# Herschel walker only eats 1 meal a day?



## Fedornumber1! (Jun 18, 2008)

Right as he was walking in the cage tonight, Maro Ranalo or hoever you spell his name said Walker only eats 1 meal which is at night and its some kind of soup.


Did anyone else catch that?
Theres no way he could only eat 1 meal a day, but thats what Ronalo said!


----------



## Dakota? (Dec 27, 2009)

And does 2000 situps a day along with 750 pushups..


i call bs on that though.


Also those meals are salads.....


----------



## SigFig (Sep 22, 2009)

Yeah, I lol'd at that...

I'm sure he gets his entire day's maintenance calories from one f*cking salad a day.

Must be a huuuuuuuuuuuuuuuuuuuuge salad.


----------



## osmium (Mar 6, 2007)

Well the truth of it kind of depends on what he thinks constitutes a meal. Maybe he eats small snacks and uses protein drinks and vitamins during the day and then has soup and a salad with some poultry in it for dinner. 

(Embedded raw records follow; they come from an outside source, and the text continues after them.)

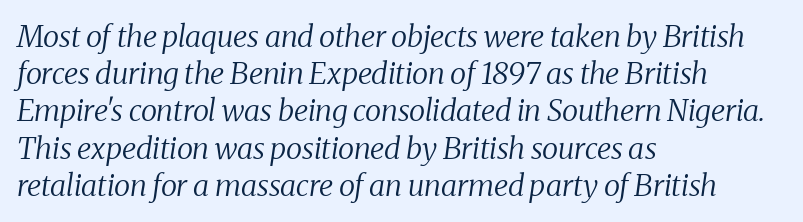
Q: Is the text bold? A: No.
Q: Is the text italic (slanted)? A: Yes, it leans right by about 8 degrees.
Q: Is the typeface a serif or a sans-serif typeface? A: Serif.
Q: Is the text underlined? A: No.
Q: How is the paragraph aligned? A: Left-aligned.
Q: Is the spacing between letters normal or unusually wide? A: Normal.
Q: Width (condensed, normal, or wide)? A: Normal.
Q: Stroke contrast? A: Medium.
Q: x-height? A: Medium.
Q: Monospaced? A: No.
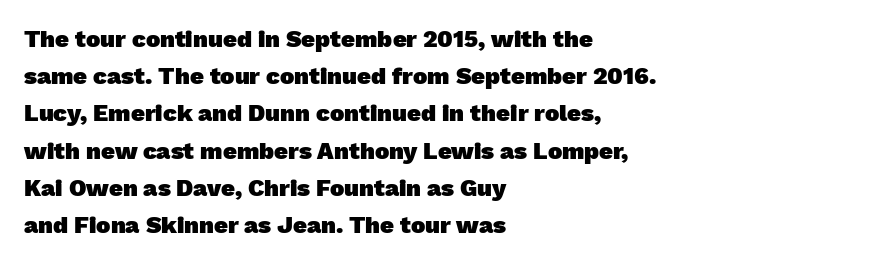
The paragraph shown leans on its left margin. Compared with an ordinary text face, these strokes are far heavier — a full bold. The letterforms sit shoulder to shoulder at normal distance. Unmarked baselines from the first word to the last. This sample keeps an unexceptional amount of space between lines.
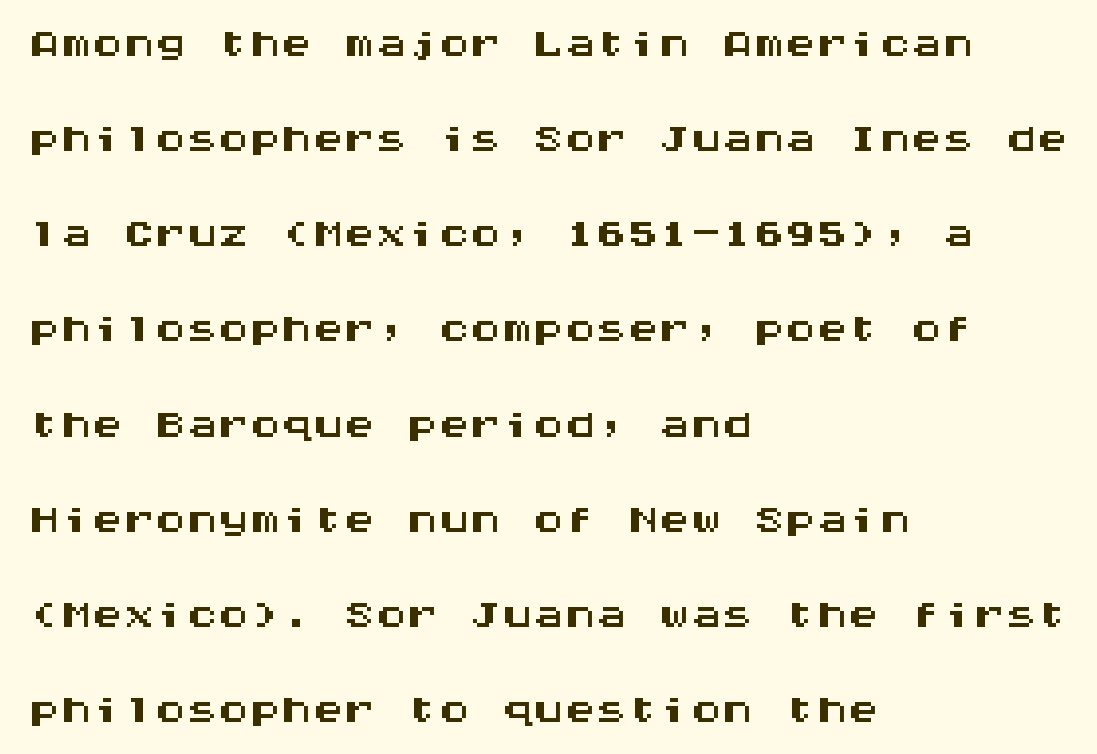
{"serif": "no", "italic": "no", "width": "wide", "stroke_contrast": "medium", "x_height": "large", "monospaced": "yes", "underline": "no", "align": "left", "line_spacing": "normal", "line_spacing_ratio": 1.51, "letter_spacing": "normal", "letter_spacing_em": 0.0, "glyph_px": 63}
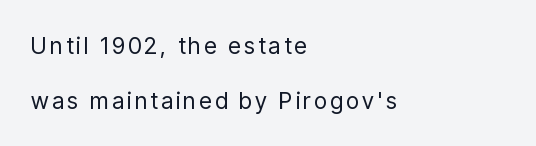
The image shows 23 px text type, upright; set left-aligned, loose line spacing (2.38x), not underlined.
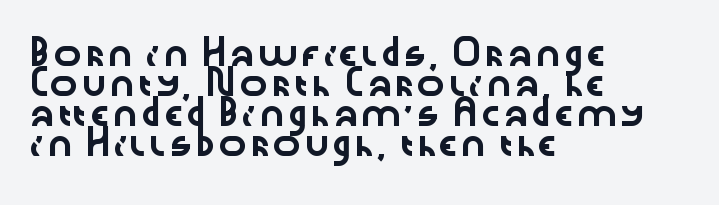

You don't really need that much protein to maintain muscle. He doesn't eat red meat or high cholesterol/fatty foods for health reasons which limits what he can eat. So a salad and soup makes sense since you can have various beans and rice and whathaveyou that would give you all the amino acids you need. Poultry is higher in protein than things like cow and pig also. So if you eat like that once a day and have say a soybean protein drink and maybe a small snack or two you would be fine.


----------



## Rygu (Jul 21, 2008)

Yeah i'm also guessing he takes protein shakes so he doesn't lose muscle as i'm sure doing all those pushups and situps burn some serious calories.


----------



## kantowrestler (Jun 6, 2009)

It's possible that is the diet he used for preparing for this fight. However, he probably doesn't do that regularly cause I don't think he could survive on that alone. He just trains seriously!


----------



## SigFig (Sep 22, 2009)

Dude weighed 220 today.

That's about 3000 cals necessary just to maintain, then add in grueling training and you're probably talking 4000+ to maintain.

So yeah, maybe he eats one _meal_ a day, and 10 meal replacement shakes...


----------



## osmium (Mar 6, 2007)

rygu said:


> Yeah i'm also guessing he takes protein shakes so he doesn't lose muscle as i'm sure doing all those pushups and situps burn some serious calories.


Well eating one meal a day right before you sleep would slow down your metabolism considerably. If you are eating both a salad and soup that are filled with the proper grains/vegetables and some poultry as your dinner that will probably be around 800-1200 calories. A protein drink is generally what 200-300 calories? You could easily get north of 2000 calories with a few snacks and some other nutritious drinks. 

Every generic equation for calculating caloric intake needs is complete bullshit also. If you focus your diet on proper nutrient consumption and maintain both said diet and your exercise routine your body will adjust itself and stabilize. 

Hell eventually even that many pushups and situps is just going to have a maintaining effect over time. The more you do the same exercises the less calories they burn because the action has been normalized. Once movements are ingrained in muscles most of the resistance is removed. Which means little energy is needed and your heart rate doesn't elevate nearly as much. 

That can take place over a matter of weeks let alone 30+ years. It is why people who don't understand this have so much trouble losing weight. If you jog on a treadmill everyday at a constant incline at relatively the same speed you aren't going to get shit for results after a month.


----------



## MrObjective (May 22, 2010)

http://www.whatagreatidea.com/nakamatsu.htm

This guy does fine with one meal a day. 

He did win a Nobel Prize for his study on nutrition and frequency of meals. Also he claims to sleep 4 hours a day.

He's an 80+ year old, still doing sumo wrestling and running daily (with joint stress reducing jumping shoes). 

Hershel Walker's been doing fine with one meal a day since college. Maybe they're on to something.


----------



## SideWays222 (Sep 9, 2008)

Thats what he used to do in his football days. Not sure if he still does that but it was a well known fact that he only east 1 meal a day.


----------



## The Horticulturist (Feb 16, 2009)

He wants people to think he's extraordinary, and he is. 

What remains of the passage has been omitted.